This is a first for me. Between the time I purchased this book last week and the time I finished it last night, Bryan Smith’s latest novel, self-published as an ebook only, has undergone a title change. Smith gives the lowdown here, but apparently someone with a similarly titled project took issue with the use of the title Deadworld, even though it is impossible to copyright a title. So the book is now called Darkened, which doesn’t matter much to the reader because by any name this book would be a rollicking good slice of pulpy apocalyptic horror.
Holes have begun appearing in the fabric of reality, and some very bad things have started coming through. Just as the President is addressing the American people on this crisis, slithery tentacles appear from nowhere, killing the Commander in Chief on live television. The strange warp holes continue to appear, some bigger than others, with the entire nation of Pakistan vanishing into a black hole. Soon, large bat-faced creatures with tentacles, leathery wings, and needle-sharp teeth dripping with poison are appearing everywhere, laying waste to the population of the entire Earth. The creatures are only the first wave of Armageddon, and what’s left of the world is soon experiencing a general decay. Plant life quickly dies out and man-made objects begin to break down and corrode at a highly accelerated rate.
The world is left with only a handful of survivors. There’s a bartender/songwriter named Emily, her co-worker Jake and the world’s creepiest bar patron Aaron. We also have a college student named Warren who has to share the apocalypse with his seriously bitchy recent ex-girlfriend Amanda (tell me that isn’t uncomfortable). And we have a cable news anchor named Zeke who, in the wake of the global disaster, hooks up with Mary Lou, a perpetually naked and bat shit insane redneck. And, of course, there is also the entity from that other world that started it all.

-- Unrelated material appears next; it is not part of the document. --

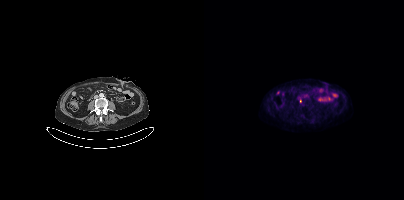
Technique: Two-panel axial: CT | PSMA PET, [18F]PSMA-1007 tracer. slice position z = -1510 mm.
Findings: Coordinates are on the 200×200 PET (right) panel. Small PSMA-avid focus (2 to 4 px across) near (center x, center y): (96, 101).
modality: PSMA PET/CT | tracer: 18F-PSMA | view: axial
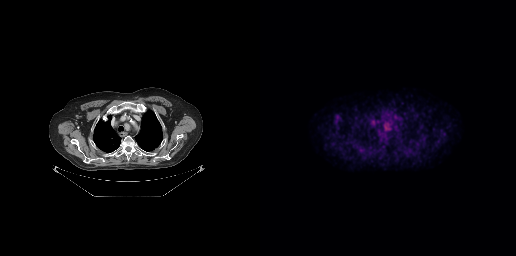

I couldn’t help being reminded of F. Paul Wilson’s Nightworld, which also had nightmarish Lovecraftian creatures emerging from mysterious holes in the ground, though the resemblance between the two novels ends there. I had expected more monster mayhem, but the creatures disappear from the story about half-way through, and I think humanizing the extra-dimensional entity as much as the author does near the book’s climax made it a lot less scary. Still, Smith has a winner here. He’s got a pretty horrifying scenario, and the action flows along at a breakneck pace. This one is highly recommended and for just $2.99 you have very little to risk.